There is no correct answer - hit "pause" at any random point in this video and this is an indication of how many segments you'll have : Changing Bits: Visualizing Lucene's segment merges

"Force_merge" is a deliberate renaming of the old "optimize" function to make it sound more scary and prevent people calling this very expensive function. People would run it with little thought (who wouldn't want an "optimal" index?) and cripple their cluster when there are perfectly good background tasks continually merging segments as new content is added. That's why we re-iterate only use this for indexes that won't receive any more updates or perhaps as in your case when you are benchmarking effects of mapping changes.

Should the _forcemerge only block access to the relevant index(es) being merged ?
Or should there be any other block with the Elastic ?
I understand that it will be I/O intensive operations, but beside accessing the merged in-progress indexes, there should be not other blocking, am I right ?

Ori

It will not "block access". Old segments are not deleted until they have been fully merged into the new structure so can be accessed while this reorganisation goes on.

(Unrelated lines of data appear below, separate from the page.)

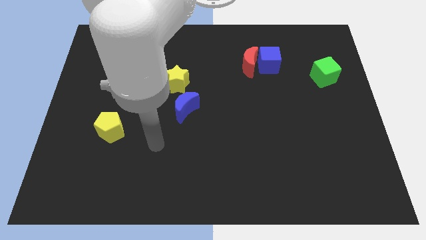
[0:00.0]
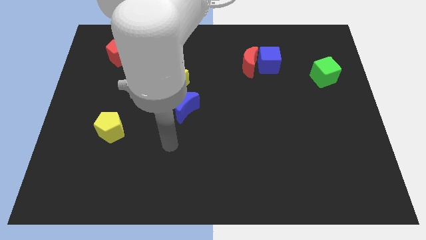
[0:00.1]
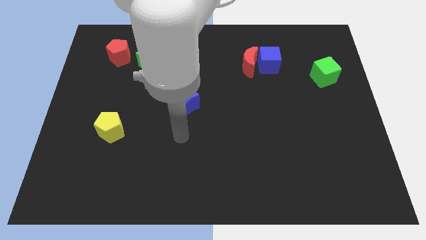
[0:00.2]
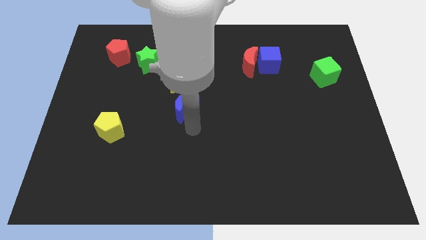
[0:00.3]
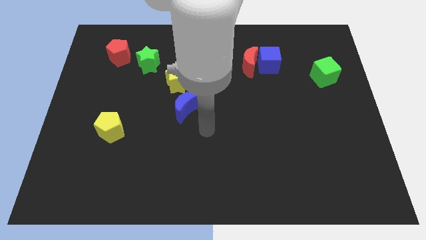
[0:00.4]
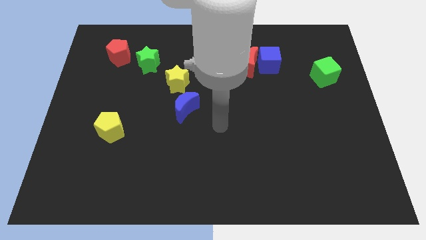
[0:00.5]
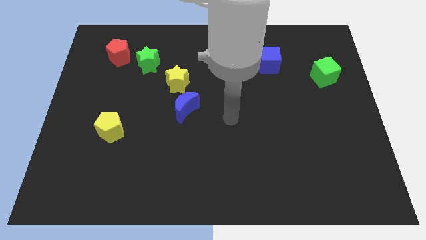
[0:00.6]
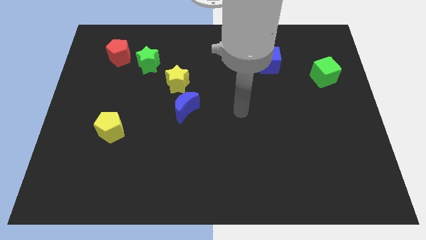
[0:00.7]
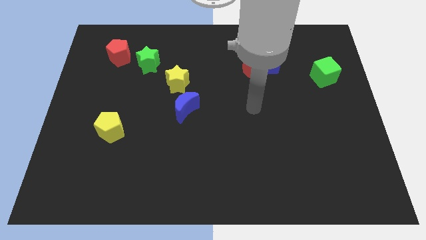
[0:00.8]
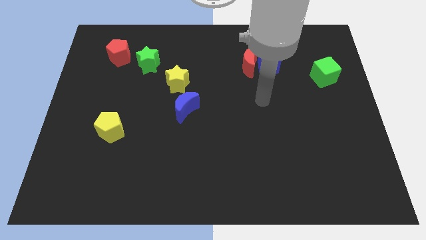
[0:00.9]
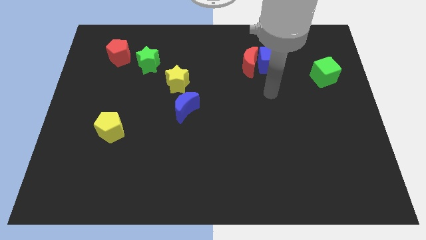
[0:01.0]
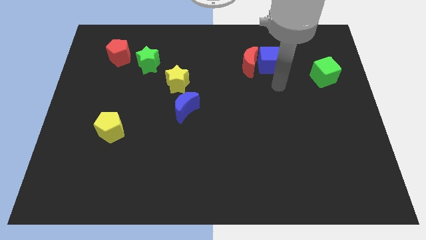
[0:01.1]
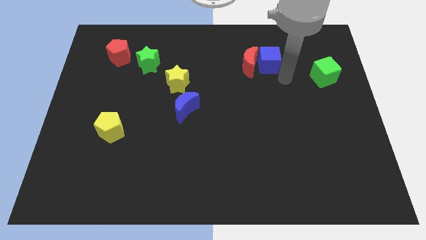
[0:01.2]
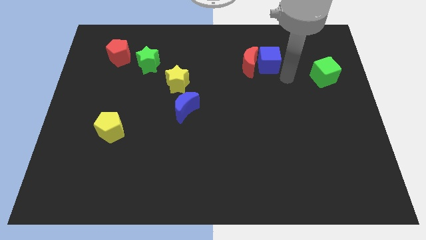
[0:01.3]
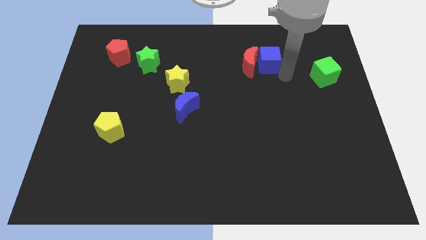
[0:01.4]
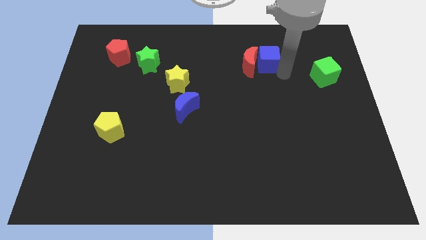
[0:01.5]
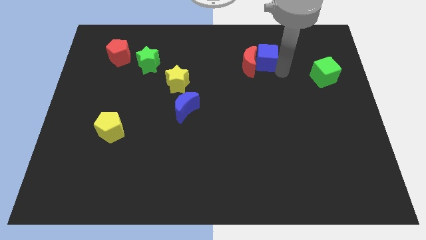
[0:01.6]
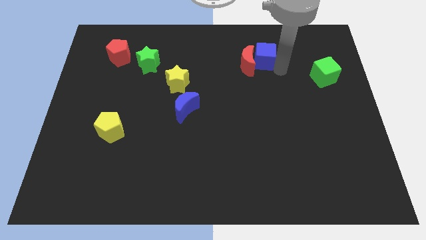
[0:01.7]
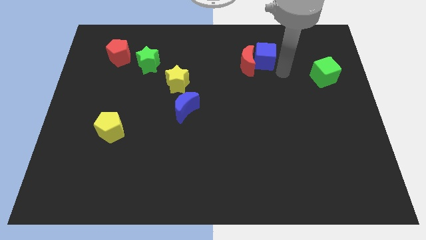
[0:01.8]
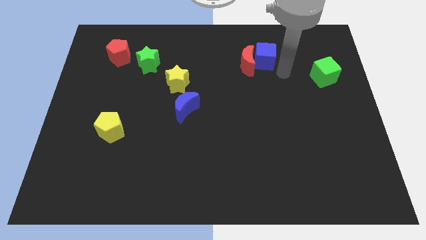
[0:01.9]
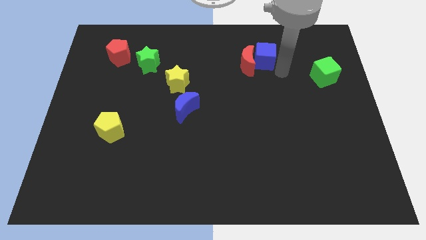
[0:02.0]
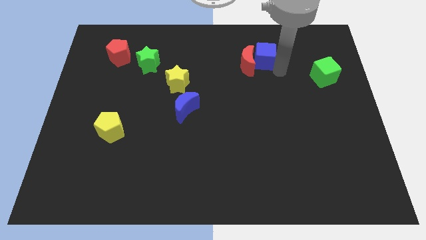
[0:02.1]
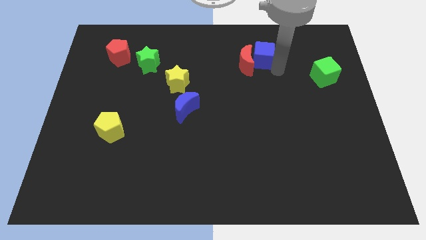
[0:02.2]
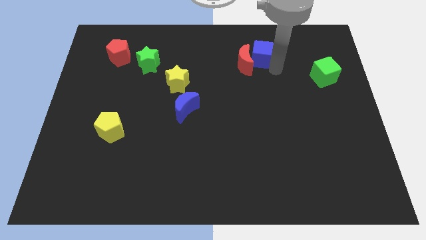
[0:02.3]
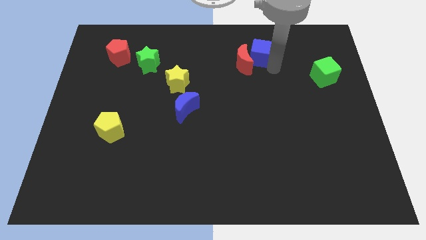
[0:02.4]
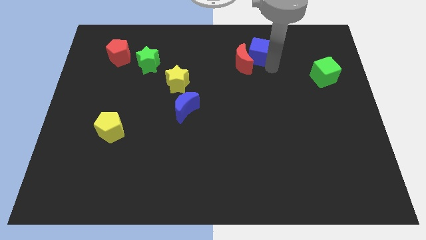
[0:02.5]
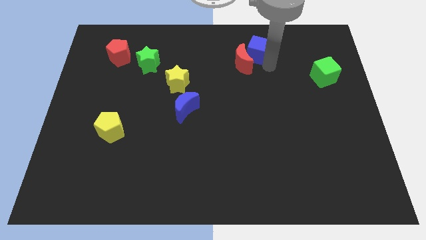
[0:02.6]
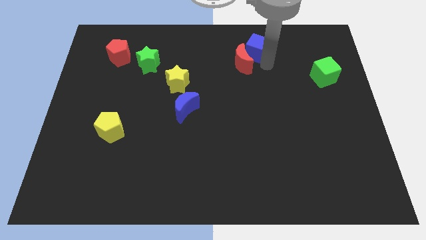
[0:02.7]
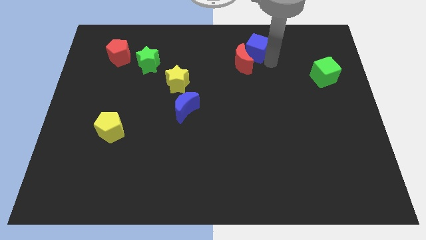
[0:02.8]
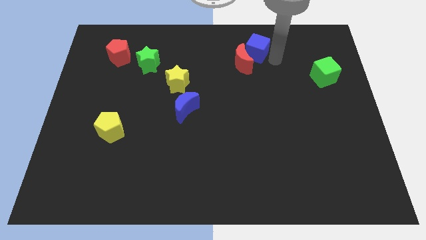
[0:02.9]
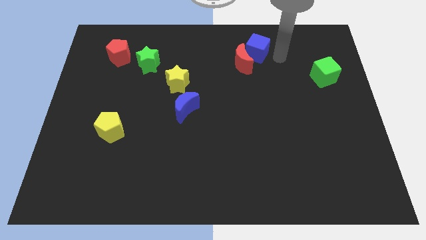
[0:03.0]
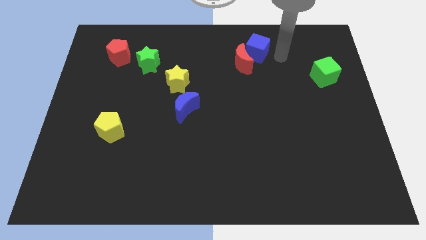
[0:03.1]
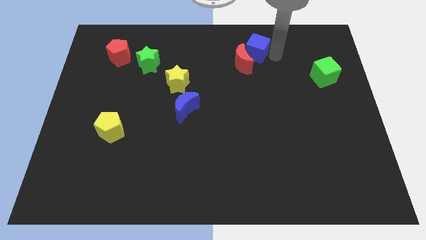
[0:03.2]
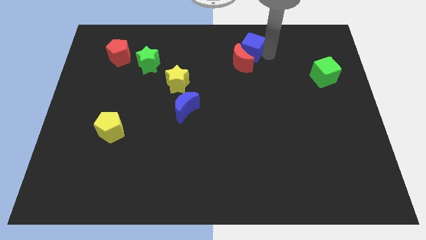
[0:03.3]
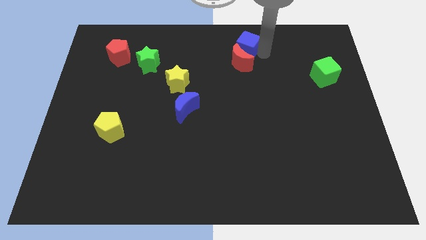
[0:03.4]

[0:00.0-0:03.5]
push the blue cube to the top

But Inserts/Updates will not be accepted, right ?

They will be accepted. They just create new segments that fall outside of the list of segments you chose to re-org when you initiated the force_merge request. Though generally it does not make sense to call force_merge on an index undergoing changes as I mentioned previously.

OK, Thanks!!!

This topic was automatically closed 28 days after the last reply. New replies are no longer allowed.